# Tree with MOD proof

• Apr 11th 2009, 10:09 AM
BSC hiBi
Tree with MOD proof
Let T be a tree with n vertices. Suppose n only has vertices with degree 1 and 5. Show that 3n = 2 (mod 4).

Where the equal sign is the mod sign (3 lines instead of 2.)

I think this will require induction as the vertices will always be 2, 6, 10, 14, 18, etc. Any help?
• Apr 12th 2009, 12:50 PM
Opalg
Quote:

Originally Posted by BSC hiBi
Let T be a tree with n vertices. Suppose n only has vertices with degree 1 and 5. Show that 3n = 2 (mod 4).

Where the equal sign is the mod sign (3 lines instead of 2.)

I think this will require induction as the vertices will always be 2, 6, 10, 14, 18, etc. Any help?

Here's an intuitive argument based on a sort of induction.

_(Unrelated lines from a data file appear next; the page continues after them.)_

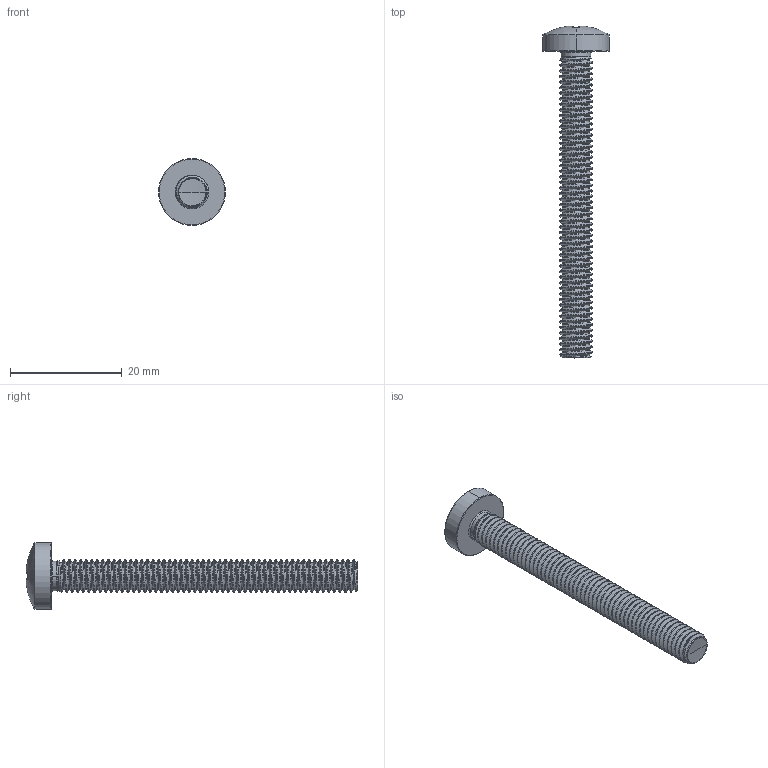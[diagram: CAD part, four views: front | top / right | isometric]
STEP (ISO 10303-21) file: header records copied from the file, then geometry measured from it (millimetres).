
FILE_DESCRIPTION (( 'STEP AP203' ), '1' );
FILE_NAME ('STM320600550.STEP', '2020-12-24T17:40:53', ( '' ), ( '' ), 'SwSTEP 2.0', 'SolidWorks 2015', '' );
FILE_SCHEMA (( 'CONFIG_CONTROL_DESIGN' ));
Length unit declared in the file: millimetre
Products named in the file (2): STM320600550
Bounding box: 12 x 59.54 x 12 mm (x, y, z)
Volume: 1652.7 mm3; surface area: 1931.8 mm2
Topology: 1 solids, 1 shells, 270 faces, 682 edges, 413 vertices
Faces by surface type: cylinder 130, bspline 46, torus 33, sphere 28, plane 22, cone 11
Entity records: 37659 total; most frequent: CARTESIAN_POINT 31997, ORIENTED_EDGE 1352, DIRECTION 997, EDGE_CURVE 676, AXIS2_PLACEMENT_3D 420, VERTEX_POINT 411, EDGE_LOOP 269, FACE_OUTER_BOUND 268

The idea is to build up the graph starting from a vertex of degree 1. Such a vertex must exist because a tree has branches that end in twigs.

That vertex is connected to one other vertex. These two vertices together form a sub-tree with 2 vertices. Note that $\displaystyle 3\times2\equiv2\!\!\!\pmod4$. (That is the base case for the "induction".)

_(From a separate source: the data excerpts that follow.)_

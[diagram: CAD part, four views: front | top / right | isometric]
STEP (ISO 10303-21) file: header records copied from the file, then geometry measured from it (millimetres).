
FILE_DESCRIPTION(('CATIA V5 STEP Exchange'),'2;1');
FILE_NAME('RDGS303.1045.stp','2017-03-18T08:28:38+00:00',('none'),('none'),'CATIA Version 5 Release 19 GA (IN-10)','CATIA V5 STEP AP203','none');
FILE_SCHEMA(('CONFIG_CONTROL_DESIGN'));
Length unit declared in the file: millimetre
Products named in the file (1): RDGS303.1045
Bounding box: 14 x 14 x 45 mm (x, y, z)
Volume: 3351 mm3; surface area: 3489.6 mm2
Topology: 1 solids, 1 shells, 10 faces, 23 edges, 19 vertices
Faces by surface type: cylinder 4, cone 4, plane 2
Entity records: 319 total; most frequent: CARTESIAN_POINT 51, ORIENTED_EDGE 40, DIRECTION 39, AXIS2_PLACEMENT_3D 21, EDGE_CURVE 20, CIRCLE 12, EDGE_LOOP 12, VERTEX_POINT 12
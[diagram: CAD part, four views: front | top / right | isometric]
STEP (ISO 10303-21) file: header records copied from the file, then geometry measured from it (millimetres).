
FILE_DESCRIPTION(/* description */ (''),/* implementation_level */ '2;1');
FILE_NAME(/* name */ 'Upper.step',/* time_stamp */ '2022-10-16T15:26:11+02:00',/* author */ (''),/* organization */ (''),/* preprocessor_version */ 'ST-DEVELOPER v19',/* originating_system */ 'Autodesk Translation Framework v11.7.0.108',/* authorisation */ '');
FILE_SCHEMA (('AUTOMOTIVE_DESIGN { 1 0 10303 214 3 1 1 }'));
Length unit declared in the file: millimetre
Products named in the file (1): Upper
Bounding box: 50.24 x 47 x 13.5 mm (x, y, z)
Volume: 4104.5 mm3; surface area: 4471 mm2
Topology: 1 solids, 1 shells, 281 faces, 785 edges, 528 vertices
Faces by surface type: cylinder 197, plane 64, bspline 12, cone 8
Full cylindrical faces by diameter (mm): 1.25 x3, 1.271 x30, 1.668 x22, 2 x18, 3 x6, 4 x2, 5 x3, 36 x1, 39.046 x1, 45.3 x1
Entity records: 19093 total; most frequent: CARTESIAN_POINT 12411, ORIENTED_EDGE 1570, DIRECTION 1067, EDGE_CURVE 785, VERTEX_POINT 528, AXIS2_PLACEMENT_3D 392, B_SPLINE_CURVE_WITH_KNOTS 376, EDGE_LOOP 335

If that second vertex is connected to another vertex, it does not have degree 1, so it must have degree 5. Therefore it is connected to 4 new vertices. Add those vertices to the tree that we are building up. So we now have a sub-tree with 6 vertices (and $\displaystyle 3\times6\equiv2\!\!\!\pmod4$).

Now continue building up the graph in that way. At each stage we have to add 4 new vertices, so three times the total number of vertices in the sub-graph will always be congruent to 2 (mod 4).

Question: Why does the problem ask us to show that $\displaystyle \mathbf{3}n\equiv2\!\!\!\pmod4$? If 3n is congruent to 2 (mod 4) then n itself will be congruent to 2 (mod 4). So why bother with the 3?